Но после работы, уложив все инструменты и сменив одежду, они против обыкновения ждут друг друга и выходят из гаража все вместе, направляясь к остановке автобуса.
А назавтра выясняется. Двоюродный брат Хамида, родной брат одного из рабочих, родственник многих из них был главарем этих террористов. И они, наверно, знали это с самого начала, а может, чутье им подсказывало. И ничем себя не выдали, даже бровью не повели. Может быть, дома, наедине, вдали от посторонних глаз, они поплачут о себе.
Наим
И вдруг посреди музыки и песен возбужденные голоса дикторов. Что-то случилось. Евреи начинают собираться вокруг радиоприемника. Хамид смотрит на нас, все выключают арабскую музыку. Мы тоже начинаем слушать новости. Что-то в университете. Напали на университет, взяли несколько человек в заложники.
А я… Сердце у меня замерло. Это он. Это Аднан.
Тихие проклятия евреев. Обсуждают. Каждый знает, как лучше действовать. А мы сжались. Работаем молча. Не имеем ко всему этому никакого отношения. Стараемся вести себя как обычно, только работаем еще старательнее.
В десять минут первого выбросили из окна тело какого-то служащего. Что за жестокость! Кто-то из наших улыбается про себя отчужденной улыбкой. Я залез быстро под одну из машин и пытаюсь, наверно, в тысячный раз завернуть там один и тот же винт, который все время выскальзывает у меня из рук. Мысли мои далеко. А вокруг обычные разговоры о смертной казни и мщении. Мой брат. Что он делает? Откуда у него взялась такая смелость? Эта проклятая честь. И почему эти чертовы евреи не могут охранять себя получше?
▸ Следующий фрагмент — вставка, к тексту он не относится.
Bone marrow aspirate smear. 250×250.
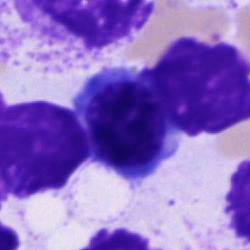Morphology — unidentifiable cell.
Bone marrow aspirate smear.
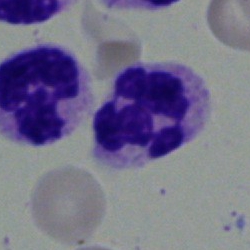 Q: Identify the cell.
A: Segmented neutrophil.
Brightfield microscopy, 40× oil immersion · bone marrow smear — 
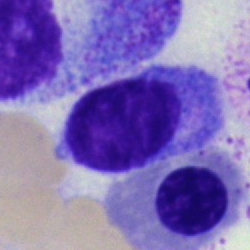

Specimen: bone marrow aspirate smear.
Morphological class: lymphocyte.
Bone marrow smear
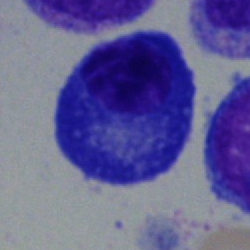{"cell_type": "plasmacyte", "lineage": "lymphoid"}
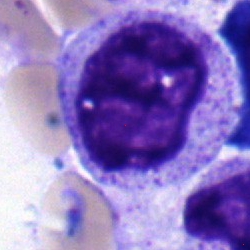
Q: What is the morphological classification of this cell?
A: It is a myelocyte.
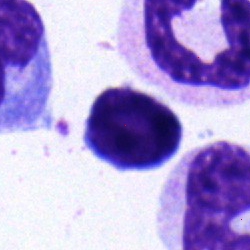Q: What is the morphological classification of this cell?
A: A lymphocyte.
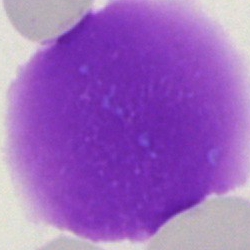

The morphological class is artefact.
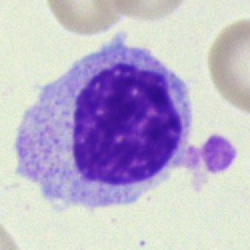

Bone marrow smear showing a myelocyte.
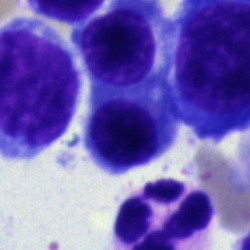

Cell type — erythroblast.
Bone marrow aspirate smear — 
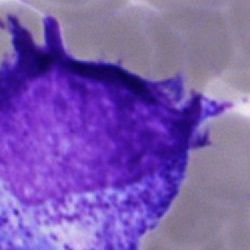Q: Identify the cell.
A: It is a promyelocyte.
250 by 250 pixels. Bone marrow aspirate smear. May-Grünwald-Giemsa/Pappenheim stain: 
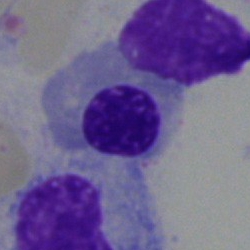
A nucleated red cell.
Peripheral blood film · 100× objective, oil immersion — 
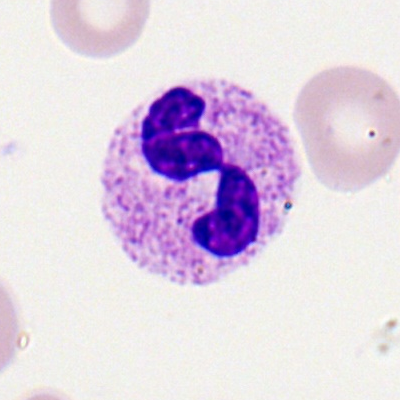
Specimen: peripheral blood smear.
Classification: polymorphonuclear neutrophil.
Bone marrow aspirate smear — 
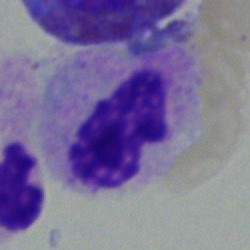

Morphology → segmented neutrophil.
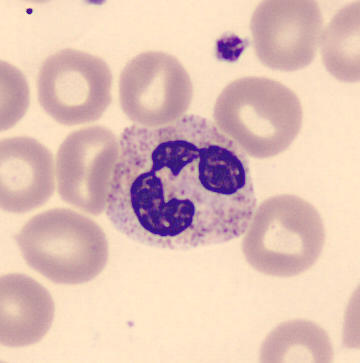 Cell type: polymorphonuclear neutrophil.
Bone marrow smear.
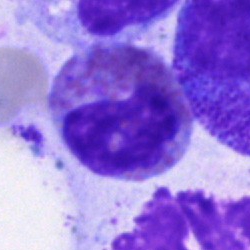 This is an eosinophilic granulocyte.
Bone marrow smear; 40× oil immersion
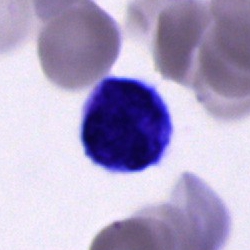 This is a typical lymphocyte.
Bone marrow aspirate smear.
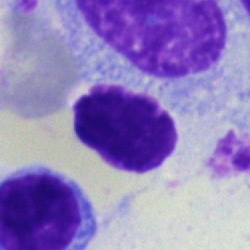
Q: What is shown here?
A: An artifact.
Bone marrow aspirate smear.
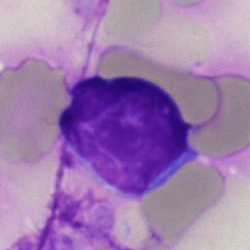
A typical lymphocyte.
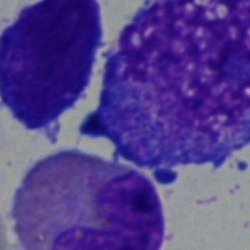The cell shown is an eosinophilic granulocyte.
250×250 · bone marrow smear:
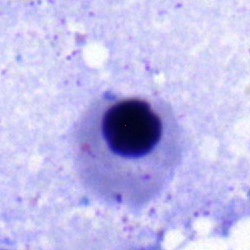Impression → erythroblast.
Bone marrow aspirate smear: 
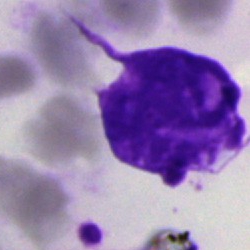 Morphology consistent with an artifact.
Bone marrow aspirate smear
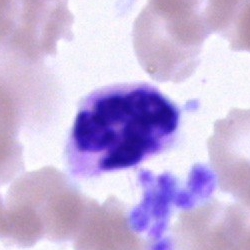
A segmented neutrophil.
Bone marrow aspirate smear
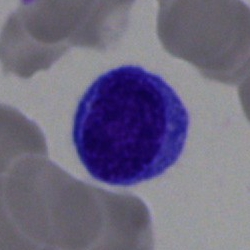
Showing a typical lymphocyte.
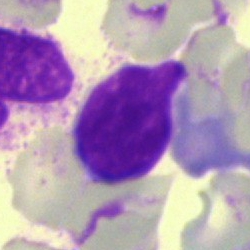Bone marrow aspirate smear, single cell — artifact.
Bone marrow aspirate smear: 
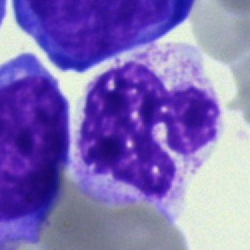The cell shown is a neutrophil (segmented).
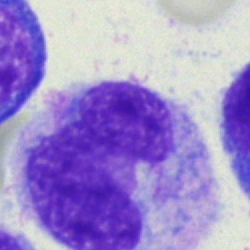 A monocyte.
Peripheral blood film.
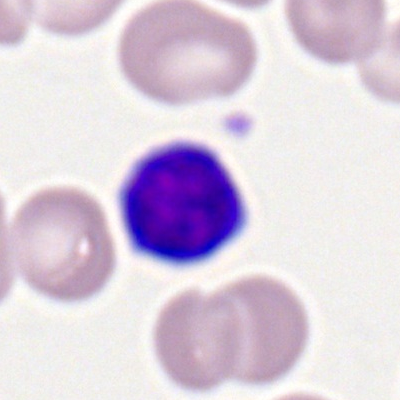Lymphocyte.
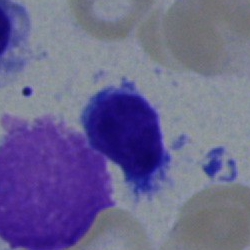

Q: Which cell type is shown here?
A: It is a typical lymphocyte.
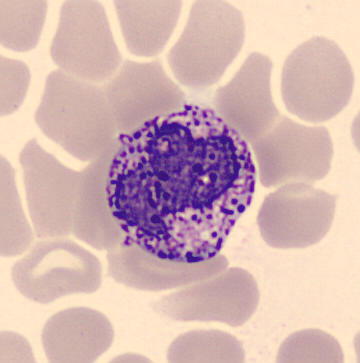

Specimen: peripheral blood smear.
Morphological class: basophil.
Lineage: myeloid.

Acquisition: Cropped to a single cell. MGG stain.
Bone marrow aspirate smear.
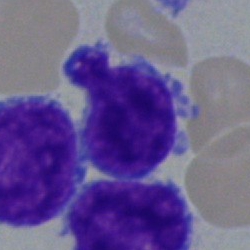

{"cell_type": "blast"}
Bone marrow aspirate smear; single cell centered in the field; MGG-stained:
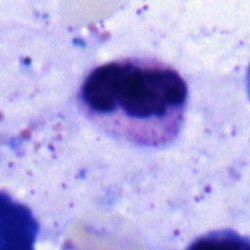
Polymorphonuclear neutrophil.
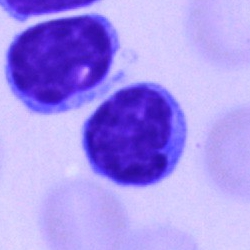

Bone marrow smear showing a lymphocyte.
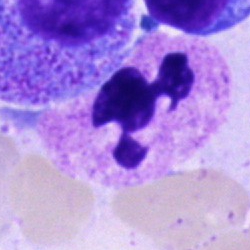
The classification is polymorphonuclear neutrophil.
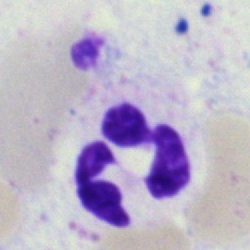

Q: What cell is this?
A: This is a neutrophil (segmented).
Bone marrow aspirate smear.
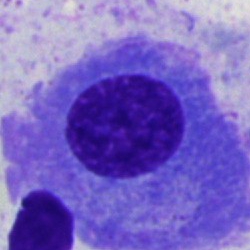Q: Which cell type is shown here?
A: Plasmacyte.
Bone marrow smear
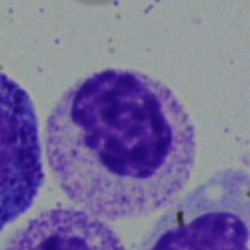

Showing a myelocyte.
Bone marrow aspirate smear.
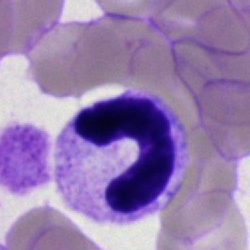Cell type = stab cell.
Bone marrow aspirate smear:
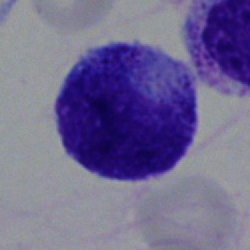 Progranulocyte.
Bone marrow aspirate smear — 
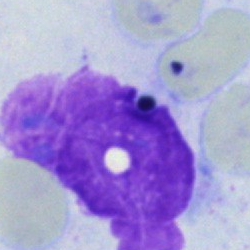Single cell identified as an artefact.
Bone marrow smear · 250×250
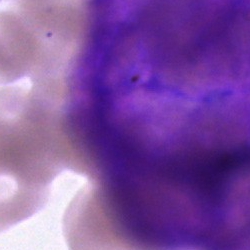

{"cell_type": "artifact"}
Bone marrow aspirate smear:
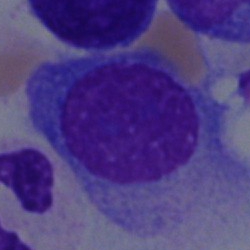 A plasmacyte.
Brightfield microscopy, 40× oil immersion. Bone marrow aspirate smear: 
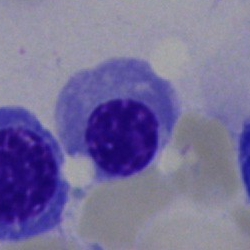

Q: What cell is this?
A: This is a nucleated red blood cell.
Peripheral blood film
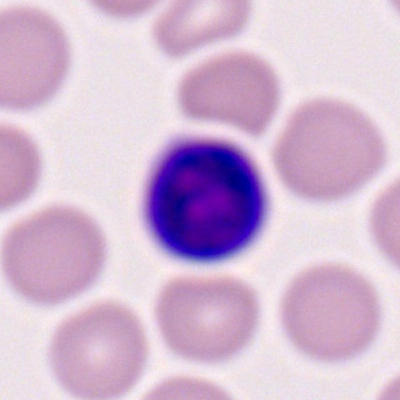
The morphological class is lymphocyte.
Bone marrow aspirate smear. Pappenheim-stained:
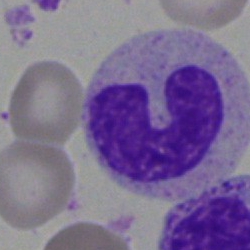Cell type — neutrophil (band).
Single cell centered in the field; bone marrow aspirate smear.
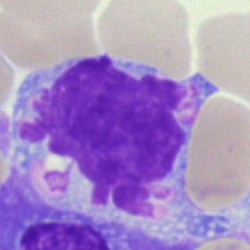
{"cell_type": "artefact"}

Заседание правительства. Армия. Полиция. Министр обороны. Обычная история. У нас обеденный перерыв. Мы вытираем руки, берем свои мешочки с едой и садимся на полу в сторонке. Я сижу рядом с Хамидом, прилип к нему. А он ничего не говорит. Ужасный молчун. Остальные рассуждают вполголоса о чем-то постороннем, спорят о новой модели «вольво», об автоматическом переключателе скоростей. А у меня совсем нет аппетита, хочется плакать, но слез нет.
Начинаются переговоры. Ультиматумы. Через рупор. Заносчивость. Обычные описания. Единственное отклонение — один из террористов одет в костюм и при галстуке, словно собрался на бал.
Я бросаю свою лепешку бродячей собаке, которая все время крутится около гаража. Возвращаюсь вместе со всеми к работе. Все как обычно. Евреи приходят за своими машинами, спорят о цене, а в глазах тревога, сердито прислушиваются к песням, которые передают по радио. Один из арабов потихоньку включает Дамаск. Слышим совсем другие речи. Великое сражение. Университет горит. Вранье. Фантазия.